**SOURCE DATA**
□ □ □ □

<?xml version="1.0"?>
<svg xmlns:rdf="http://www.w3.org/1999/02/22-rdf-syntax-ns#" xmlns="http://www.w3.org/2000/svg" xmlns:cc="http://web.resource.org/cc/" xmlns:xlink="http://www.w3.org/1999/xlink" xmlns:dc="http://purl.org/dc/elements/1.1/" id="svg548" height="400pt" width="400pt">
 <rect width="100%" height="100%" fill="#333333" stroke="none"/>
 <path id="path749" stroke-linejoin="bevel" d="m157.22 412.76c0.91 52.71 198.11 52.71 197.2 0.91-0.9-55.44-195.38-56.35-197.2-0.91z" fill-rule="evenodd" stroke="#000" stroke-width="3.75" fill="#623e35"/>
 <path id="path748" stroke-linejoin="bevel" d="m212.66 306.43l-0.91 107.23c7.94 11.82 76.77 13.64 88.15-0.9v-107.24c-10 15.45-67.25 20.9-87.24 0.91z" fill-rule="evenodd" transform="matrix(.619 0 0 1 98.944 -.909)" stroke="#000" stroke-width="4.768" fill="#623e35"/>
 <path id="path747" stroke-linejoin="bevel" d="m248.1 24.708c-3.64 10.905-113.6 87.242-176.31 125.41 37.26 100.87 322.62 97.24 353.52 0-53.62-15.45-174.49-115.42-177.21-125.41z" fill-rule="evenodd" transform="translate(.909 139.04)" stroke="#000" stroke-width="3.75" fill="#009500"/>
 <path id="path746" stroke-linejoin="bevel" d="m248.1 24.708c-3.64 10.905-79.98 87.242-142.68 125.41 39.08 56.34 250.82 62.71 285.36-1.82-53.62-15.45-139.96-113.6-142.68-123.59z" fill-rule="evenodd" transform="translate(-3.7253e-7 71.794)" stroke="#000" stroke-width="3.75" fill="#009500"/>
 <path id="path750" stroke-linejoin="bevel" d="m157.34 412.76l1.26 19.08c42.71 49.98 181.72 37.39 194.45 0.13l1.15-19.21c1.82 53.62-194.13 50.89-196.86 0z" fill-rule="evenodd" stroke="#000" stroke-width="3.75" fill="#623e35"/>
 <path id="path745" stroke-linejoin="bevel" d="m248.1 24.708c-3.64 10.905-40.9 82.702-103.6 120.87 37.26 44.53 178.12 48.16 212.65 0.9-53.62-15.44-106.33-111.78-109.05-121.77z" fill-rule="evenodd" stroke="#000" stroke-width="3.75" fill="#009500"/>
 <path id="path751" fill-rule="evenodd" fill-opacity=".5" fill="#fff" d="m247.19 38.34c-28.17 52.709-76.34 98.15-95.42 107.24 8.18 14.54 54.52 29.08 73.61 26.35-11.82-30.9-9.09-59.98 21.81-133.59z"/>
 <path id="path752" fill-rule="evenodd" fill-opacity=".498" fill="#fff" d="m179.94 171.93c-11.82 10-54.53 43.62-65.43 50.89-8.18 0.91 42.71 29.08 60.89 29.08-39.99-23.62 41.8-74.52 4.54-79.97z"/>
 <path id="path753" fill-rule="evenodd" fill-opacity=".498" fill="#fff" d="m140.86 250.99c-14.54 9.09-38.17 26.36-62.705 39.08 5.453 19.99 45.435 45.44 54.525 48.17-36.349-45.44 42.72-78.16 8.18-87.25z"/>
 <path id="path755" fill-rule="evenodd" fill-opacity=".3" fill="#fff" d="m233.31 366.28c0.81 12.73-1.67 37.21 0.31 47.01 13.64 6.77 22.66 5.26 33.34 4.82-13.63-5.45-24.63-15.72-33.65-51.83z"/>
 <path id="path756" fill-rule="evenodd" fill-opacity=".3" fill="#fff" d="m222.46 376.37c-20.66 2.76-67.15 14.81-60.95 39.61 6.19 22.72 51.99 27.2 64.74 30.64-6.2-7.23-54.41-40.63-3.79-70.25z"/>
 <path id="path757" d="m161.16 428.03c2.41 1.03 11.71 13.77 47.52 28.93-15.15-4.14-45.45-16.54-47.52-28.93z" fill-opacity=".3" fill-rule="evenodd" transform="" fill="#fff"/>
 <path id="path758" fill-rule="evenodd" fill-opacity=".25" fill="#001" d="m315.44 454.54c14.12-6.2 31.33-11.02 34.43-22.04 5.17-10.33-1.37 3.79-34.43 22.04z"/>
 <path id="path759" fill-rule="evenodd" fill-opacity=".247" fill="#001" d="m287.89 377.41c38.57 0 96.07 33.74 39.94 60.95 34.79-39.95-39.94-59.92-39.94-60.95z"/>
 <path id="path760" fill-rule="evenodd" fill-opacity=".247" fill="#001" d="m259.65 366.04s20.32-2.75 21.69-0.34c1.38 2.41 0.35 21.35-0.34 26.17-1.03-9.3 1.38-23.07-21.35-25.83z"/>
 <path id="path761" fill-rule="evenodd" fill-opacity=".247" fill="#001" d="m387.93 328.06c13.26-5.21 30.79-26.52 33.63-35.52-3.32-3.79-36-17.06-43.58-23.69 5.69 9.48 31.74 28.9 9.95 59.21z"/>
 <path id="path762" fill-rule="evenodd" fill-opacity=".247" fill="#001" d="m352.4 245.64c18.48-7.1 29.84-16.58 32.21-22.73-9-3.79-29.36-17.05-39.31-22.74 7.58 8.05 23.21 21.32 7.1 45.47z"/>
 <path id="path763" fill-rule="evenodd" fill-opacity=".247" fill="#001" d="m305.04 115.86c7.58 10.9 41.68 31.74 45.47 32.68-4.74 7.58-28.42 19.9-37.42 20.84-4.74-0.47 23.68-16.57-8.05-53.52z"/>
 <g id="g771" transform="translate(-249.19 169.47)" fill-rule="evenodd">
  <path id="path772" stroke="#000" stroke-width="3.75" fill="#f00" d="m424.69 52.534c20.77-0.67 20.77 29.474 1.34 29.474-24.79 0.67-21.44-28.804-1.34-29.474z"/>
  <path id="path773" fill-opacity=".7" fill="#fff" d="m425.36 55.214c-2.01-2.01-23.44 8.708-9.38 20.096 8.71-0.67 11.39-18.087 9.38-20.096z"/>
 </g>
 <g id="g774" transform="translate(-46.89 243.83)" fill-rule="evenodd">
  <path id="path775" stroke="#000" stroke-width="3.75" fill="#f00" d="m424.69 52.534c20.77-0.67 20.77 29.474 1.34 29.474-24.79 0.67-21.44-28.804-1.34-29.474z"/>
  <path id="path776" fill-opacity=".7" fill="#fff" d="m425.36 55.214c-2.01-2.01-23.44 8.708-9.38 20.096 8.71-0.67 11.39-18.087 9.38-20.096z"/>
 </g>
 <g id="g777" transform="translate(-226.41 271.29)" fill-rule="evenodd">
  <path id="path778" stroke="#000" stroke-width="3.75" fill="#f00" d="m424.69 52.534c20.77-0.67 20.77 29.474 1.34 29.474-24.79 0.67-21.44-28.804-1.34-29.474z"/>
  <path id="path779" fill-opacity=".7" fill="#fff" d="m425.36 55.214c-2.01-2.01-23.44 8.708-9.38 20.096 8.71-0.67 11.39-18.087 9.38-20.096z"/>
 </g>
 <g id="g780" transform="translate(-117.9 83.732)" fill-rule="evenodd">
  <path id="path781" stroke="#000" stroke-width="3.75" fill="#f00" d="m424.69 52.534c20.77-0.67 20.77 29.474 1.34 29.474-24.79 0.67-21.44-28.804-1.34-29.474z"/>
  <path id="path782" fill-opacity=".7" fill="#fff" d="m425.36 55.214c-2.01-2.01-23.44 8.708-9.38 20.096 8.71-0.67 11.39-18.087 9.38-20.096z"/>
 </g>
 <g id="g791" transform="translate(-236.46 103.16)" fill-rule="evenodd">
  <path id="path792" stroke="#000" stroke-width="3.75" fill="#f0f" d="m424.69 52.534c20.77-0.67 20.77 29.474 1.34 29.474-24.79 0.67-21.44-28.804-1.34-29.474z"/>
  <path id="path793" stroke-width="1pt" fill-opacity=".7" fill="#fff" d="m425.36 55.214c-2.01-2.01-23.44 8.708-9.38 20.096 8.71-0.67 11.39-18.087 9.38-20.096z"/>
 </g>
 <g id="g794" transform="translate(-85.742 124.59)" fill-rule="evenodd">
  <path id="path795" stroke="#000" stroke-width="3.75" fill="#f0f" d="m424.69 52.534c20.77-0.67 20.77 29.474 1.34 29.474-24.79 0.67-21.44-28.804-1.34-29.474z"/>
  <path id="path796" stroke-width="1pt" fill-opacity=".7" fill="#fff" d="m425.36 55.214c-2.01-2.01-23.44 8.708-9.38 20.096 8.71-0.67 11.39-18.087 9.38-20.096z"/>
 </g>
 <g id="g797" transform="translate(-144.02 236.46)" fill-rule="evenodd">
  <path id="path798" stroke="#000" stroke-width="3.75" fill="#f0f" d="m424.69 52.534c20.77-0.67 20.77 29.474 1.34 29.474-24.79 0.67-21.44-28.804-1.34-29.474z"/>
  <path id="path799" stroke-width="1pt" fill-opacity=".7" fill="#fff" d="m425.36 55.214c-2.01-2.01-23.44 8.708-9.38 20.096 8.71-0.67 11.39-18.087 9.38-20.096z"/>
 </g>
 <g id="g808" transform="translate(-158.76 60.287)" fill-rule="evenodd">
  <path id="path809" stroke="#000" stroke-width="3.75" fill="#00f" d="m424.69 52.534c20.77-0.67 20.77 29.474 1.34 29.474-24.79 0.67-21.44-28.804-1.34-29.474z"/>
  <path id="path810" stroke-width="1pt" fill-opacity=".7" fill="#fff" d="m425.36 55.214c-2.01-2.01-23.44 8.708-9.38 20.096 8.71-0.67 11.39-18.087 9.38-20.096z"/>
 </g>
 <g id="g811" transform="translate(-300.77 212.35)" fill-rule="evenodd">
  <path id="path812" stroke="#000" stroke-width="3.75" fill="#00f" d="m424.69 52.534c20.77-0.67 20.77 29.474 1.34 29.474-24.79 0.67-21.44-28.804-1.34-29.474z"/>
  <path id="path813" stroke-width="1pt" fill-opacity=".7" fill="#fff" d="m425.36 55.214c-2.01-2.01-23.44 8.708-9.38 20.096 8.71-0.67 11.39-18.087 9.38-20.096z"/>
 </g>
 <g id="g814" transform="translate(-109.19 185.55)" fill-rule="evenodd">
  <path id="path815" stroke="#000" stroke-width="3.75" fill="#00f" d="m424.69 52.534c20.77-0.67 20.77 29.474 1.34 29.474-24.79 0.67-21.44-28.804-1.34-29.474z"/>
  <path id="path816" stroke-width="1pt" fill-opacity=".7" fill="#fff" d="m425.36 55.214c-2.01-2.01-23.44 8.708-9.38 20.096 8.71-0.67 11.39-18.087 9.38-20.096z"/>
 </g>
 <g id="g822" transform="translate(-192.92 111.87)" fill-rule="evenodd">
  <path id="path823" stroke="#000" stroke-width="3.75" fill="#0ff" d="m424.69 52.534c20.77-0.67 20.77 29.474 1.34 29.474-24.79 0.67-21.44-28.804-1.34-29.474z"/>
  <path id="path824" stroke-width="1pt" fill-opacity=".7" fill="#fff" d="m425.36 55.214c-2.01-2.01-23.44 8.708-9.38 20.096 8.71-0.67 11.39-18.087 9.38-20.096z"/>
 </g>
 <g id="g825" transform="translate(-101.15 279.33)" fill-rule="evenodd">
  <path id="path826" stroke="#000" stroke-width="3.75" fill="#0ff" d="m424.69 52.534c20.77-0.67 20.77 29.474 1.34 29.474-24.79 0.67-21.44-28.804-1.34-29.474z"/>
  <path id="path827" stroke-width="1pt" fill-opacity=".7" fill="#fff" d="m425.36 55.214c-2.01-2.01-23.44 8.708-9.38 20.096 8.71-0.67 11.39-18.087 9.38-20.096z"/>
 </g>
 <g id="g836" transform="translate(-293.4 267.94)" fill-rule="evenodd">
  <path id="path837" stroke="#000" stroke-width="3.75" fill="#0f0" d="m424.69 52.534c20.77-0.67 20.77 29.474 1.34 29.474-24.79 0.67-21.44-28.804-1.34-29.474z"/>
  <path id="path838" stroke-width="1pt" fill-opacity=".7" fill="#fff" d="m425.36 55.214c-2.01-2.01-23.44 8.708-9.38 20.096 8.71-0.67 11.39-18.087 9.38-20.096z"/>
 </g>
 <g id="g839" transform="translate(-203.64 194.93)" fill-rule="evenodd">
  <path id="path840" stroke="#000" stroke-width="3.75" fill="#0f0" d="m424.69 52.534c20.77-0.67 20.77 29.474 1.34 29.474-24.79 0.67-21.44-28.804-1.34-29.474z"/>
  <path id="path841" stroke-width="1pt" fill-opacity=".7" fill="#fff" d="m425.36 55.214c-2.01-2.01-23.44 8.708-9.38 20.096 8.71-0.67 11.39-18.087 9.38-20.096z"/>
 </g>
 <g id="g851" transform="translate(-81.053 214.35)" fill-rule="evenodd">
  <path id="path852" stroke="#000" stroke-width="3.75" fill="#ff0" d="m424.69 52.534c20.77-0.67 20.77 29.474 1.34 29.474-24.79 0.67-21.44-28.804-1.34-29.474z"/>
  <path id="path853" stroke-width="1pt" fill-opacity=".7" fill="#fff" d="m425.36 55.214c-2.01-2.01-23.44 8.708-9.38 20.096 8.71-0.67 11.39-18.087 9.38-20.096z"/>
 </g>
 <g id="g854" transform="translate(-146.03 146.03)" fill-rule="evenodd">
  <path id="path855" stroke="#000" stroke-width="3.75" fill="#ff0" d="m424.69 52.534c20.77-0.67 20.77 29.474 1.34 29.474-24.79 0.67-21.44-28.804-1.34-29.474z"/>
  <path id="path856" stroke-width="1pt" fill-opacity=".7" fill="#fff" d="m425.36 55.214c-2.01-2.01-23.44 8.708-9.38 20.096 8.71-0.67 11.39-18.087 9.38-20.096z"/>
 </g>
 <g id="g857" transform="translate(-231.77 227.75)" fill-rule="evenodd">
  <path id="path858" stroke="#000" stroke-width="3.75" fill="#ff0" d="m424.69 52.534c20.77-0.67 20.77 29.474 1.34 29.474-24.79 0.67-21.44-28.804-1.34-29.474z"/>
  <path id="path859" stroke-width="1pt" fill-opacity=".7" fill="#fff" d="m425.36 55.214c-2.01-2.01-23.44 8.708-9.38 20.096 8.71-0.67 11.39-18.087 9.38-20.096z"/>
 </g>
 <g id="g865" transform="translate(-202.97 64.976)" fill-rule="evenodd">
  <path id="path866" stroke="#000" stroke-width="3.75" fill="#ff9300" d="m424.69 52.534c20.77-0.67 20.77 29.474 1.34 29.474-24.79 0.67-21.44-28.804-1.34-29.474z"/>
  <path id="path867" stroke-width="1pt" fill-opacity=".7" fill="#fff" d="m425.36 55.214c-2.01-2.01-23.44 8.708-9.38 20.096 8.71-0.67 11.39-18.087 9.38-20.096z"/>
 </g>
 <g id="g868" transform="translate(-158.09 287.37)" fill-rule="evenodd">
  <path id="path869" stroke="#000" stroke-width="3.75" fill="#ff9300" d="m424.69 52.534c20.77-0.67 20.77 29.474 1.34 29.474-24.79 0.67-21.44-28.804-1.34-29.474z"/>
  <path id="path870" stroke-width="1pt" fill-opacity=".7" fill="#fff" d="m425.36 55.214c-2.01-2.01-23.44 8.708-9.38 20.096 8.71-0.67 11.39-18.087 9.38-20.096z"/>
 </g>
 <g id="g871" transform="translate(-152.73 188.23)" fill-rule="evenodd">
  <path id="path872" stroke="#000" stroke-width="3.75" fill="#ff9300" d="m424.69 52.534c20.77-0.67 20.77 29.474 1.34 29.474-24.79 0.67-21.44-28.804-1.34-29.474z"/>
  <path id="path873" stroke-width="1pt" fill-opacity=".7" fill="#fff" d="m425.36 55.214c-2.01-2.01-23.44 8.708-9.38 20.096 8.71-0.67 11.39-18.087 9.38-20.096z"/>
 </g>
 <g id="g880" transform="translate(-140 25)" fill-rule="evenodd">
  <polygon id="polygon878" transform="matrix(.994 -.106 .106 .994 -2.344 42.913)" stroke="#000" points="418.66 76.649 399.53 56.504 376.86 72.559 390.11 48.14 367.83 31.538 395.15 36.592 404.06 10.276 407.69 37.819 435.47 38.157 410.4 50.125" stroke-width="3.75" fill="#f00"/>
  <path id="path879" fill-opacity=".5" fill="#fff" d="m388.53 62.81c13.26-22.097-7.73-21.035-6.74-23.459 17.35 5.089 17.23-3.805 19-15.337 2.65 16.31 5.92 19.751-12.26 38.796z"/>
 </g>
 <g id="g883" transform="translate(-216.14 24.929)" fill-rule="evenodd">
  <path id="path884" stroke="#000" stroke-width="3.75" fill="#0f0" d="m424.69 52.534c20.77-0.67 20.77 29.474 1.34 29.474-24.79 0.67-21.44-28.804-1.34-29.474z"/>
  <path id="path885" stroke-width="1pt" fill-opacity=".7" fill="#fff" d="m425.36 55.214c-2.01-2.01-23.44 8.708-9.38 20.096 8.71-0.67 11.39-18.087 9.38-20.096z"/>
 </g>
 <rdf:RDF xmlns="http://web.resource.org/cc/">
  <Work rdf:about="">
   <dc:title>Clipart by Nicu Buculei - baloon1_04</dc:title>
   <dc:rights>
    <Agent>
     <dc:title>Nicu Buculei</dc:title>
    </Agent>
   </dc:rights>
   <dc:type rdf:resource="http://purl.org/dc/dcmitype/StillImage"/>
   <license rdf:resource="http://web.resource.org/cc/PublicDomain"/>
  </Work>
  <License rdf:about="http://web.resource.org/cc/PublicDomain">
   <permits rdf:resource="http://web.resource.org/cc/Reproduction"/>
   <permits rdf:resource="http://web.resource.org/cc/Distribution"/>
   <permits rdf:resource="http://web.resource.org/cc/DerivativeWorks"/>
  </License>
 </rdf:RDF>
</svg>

□ □ □ □

**TASK DETAILS**
All lines in the entries above that include "permits" should be found and copied.

**SOLVED PROBLEM**
   <permits rdf:resource="http://web.resource.org/cc/Reproduction"/>
   <permits rdf:resource="http://web.resource.org/cc/Distribution"/>
   <permits rdf:resource="http://web.resource.org/cc/DerivativeWorks"/>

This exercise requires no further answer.